If the lower-priced issuance or deemed issuance occurs after at least 1,800
shares of Series C Preferred Stock have been converted, then the Fixed
Conversion Price is reduced based on a weighted-average anti-dilution formula.
    
 
     Proposed Modification to Anti-dilution Protection. Under the Amendment, the
above-described anti-dilution protection will not apply to shares of Common
Stock issued or deemed issued in any given one year period with an aggregate
value not to exceed approximately 5% of the Company's total market
capitalization in connection with any of the following types of transactions:
 
     - a merger or consolidation;
 
     - any strategic partnership or joint venture (the primary purpose of which
       is not to raise equity capital for the Company); or
 
     - the acquisition of a business, product, license or other assets by the
       Company.
 
For example, if the Company seeks to issue shares at less than the applicable
Fixed Conversion Price in connection with the acquisition of all of the assets
of another corporation, it may do so without triggering the anti-dilution
mechanism if the number of shares proposed to be issued, plus any other shares
issued under similar circumstances at less than the then applicable Fixed
Conversion Price in the preceding 364-day period, have an aggregate value less
than or equal to 5% of the Company's total market capitalization.
 
     The value of the shares issued in any applicable issuance is determined as
of the date of issuance. Therefore, to the extent the market price of the Common
Stock increases during the one year measurement period, the number of shares
which the Company may issue in that period will increase. Correspondingly, if
the market price declines, then the number of shares the Company may issue will
decrease.
 
   
     In return for this exemption of certain shares of Common Stock issued by
the Company from the anti-dilution provisions, the Fixed Conversion Price is to
be reduced from $19.49 to $10.00. As of the date of this Proxy Statement, the
Floating Conversion Price is $5.36, an amount less than the proposed, adjusted
Fixed Conversion Price of $10.00. Therefore, because the shares of Series C
Preferred Stock convert at the lesser of the Floating Conversion Price and the
Fixed Conversion Price, the number of shares into which the shares of Series C
Preferred Stock could be converted, subject to other conversion restrictions set
forth in the Certificate of Designations, would not be increased as a result of
the Amendment. However, the number of shares of Common Stock into which the
shares of Series C Preferred Stock may be converted as a result of the Amendment
will increase to the extent that the shares of Series C Preferred Stock are
converted at a time when the Floating Conversion Price is greater than $10.00.

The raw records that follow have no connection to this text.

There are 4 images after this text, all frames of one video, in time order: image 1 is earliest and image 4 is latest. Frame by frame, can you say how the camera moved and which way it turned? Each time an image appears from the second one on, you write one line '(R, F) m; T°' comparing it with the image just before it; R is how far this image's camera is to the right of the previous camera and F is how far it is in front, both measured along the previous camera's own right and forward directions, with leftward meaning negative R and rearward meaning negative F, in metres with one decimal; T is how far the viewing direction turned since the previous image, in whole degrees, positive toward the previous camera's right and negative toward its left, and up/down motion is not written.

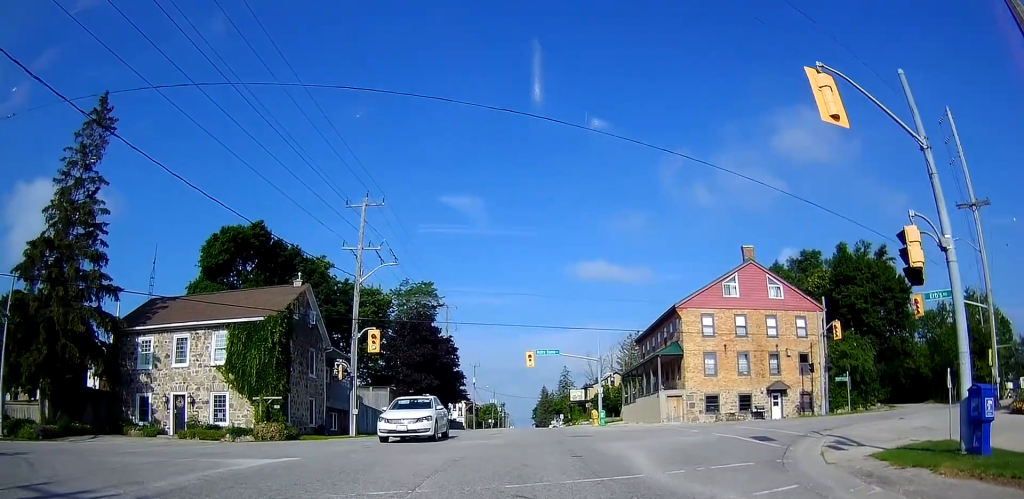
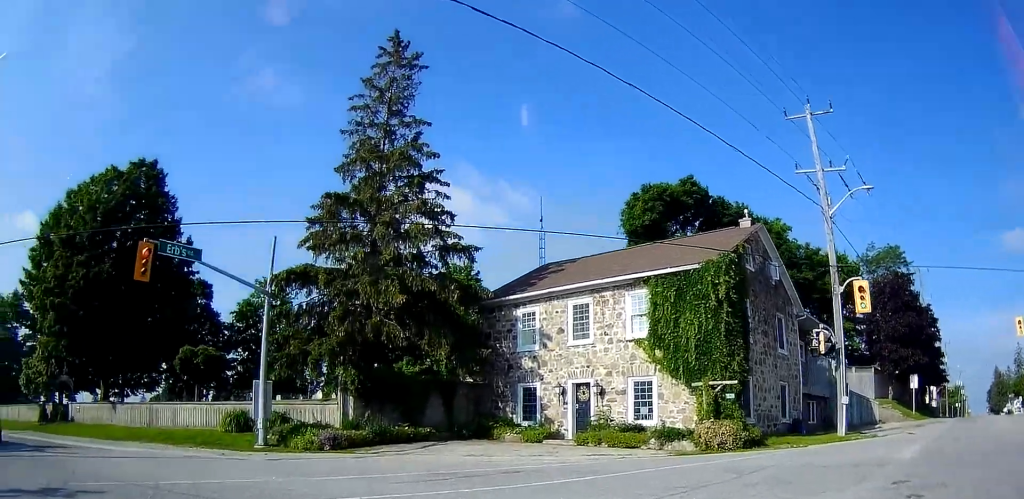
(-4.7, +9.1) m; -60°
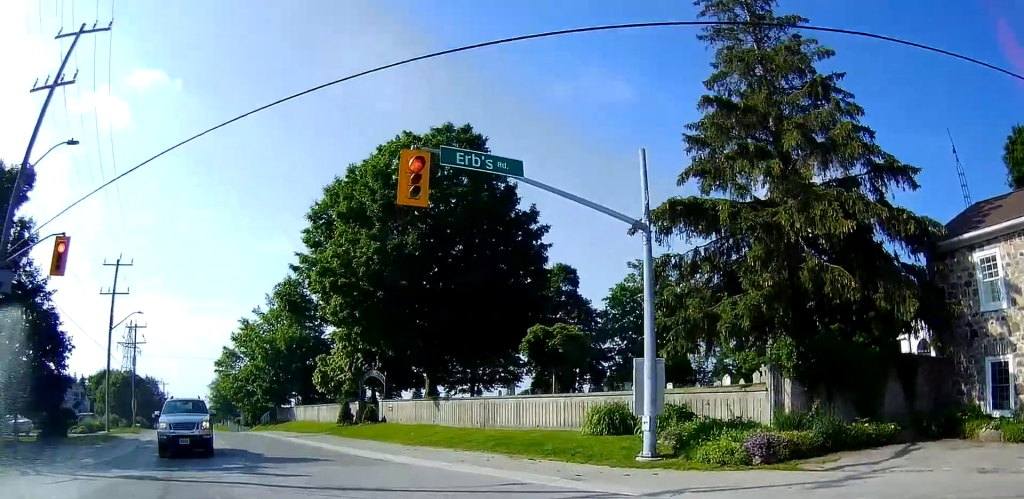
(-2.6, +6.8) m; -35°
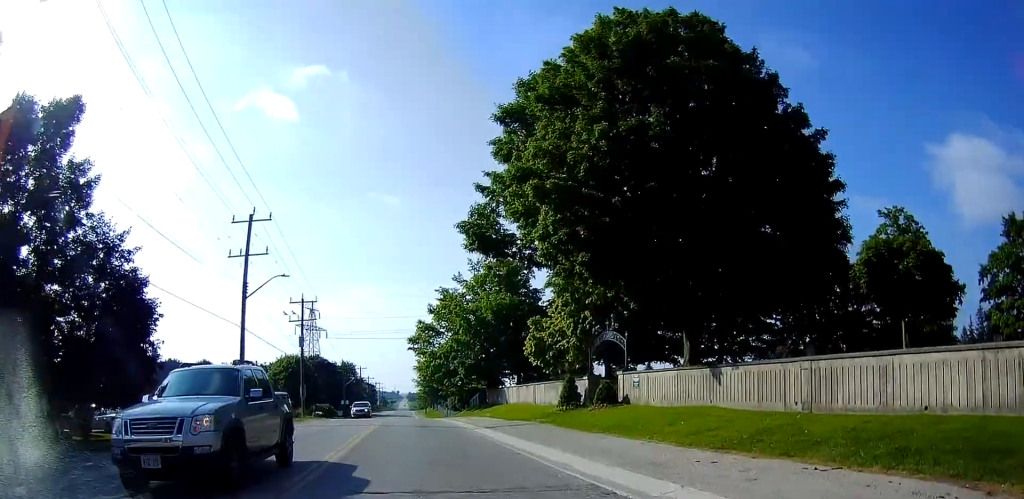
(-1.7, +10.8) m; -13°

The Company cannot predict if and when the Series C Holders will convert their
shares of Series C Preferred Stock, nor can the Company predict the Floating
Conversion Price at the time of any conversion. Therefore, it is not possible to
determine for future periods the dilutive impact, if any, on the Company's
stockholders as a result of the approval of the Amendment.
    
 
EFFECT OF FAILURE TO OBTAIN STOCKHOLDER APPROVAL OF AMENDMENT
 
     In accordance with the terms of the Voting and Waiver Agreement, the Series
C Holders agreed, for the period of June 25, 1998 through the date of the filing
of the Amendment and subject to stockholder approval of the Amendment, to waive
any and all rights and/or benefits under the Certificate of Designations unless
the Series C Holders would be entitled to such rights and/or benefits under the
Certificate of Designations, as amended by the Amendment. However, if the
Amendment is not approved, any issuance of shares of Common Stock on or after
June 25, 1998 that would trigger the anti-dilution mechanism described above
would result in an adjustment to the Fixed Conversion Price in accordance with
the terms of the Certificate of Designations. In addition, in the event the
Amendment is not approved, the Company may refrain from
                                       10
<PAGE>   14
 
engaging in certain strategic transactions otherwise in the best interests of
the Company and its stockholders involving the issuance of the Company's Common
Stock if the result of such issuance would be to further lower the Fixed
Conversion Price.
 
     On October 22, 1998 the Company issued 234,104 shares of its Common Stock
at a per share value of $6.00 in connection with the acquisition of
substantially all of the assets of a privately-held entity. If the Amendment is
not approved, the Fixed Conversion Price will be automatically reduced from
$19.49 to $6.00, rather than from $19.49 to $10.00 under the proposed Amendment.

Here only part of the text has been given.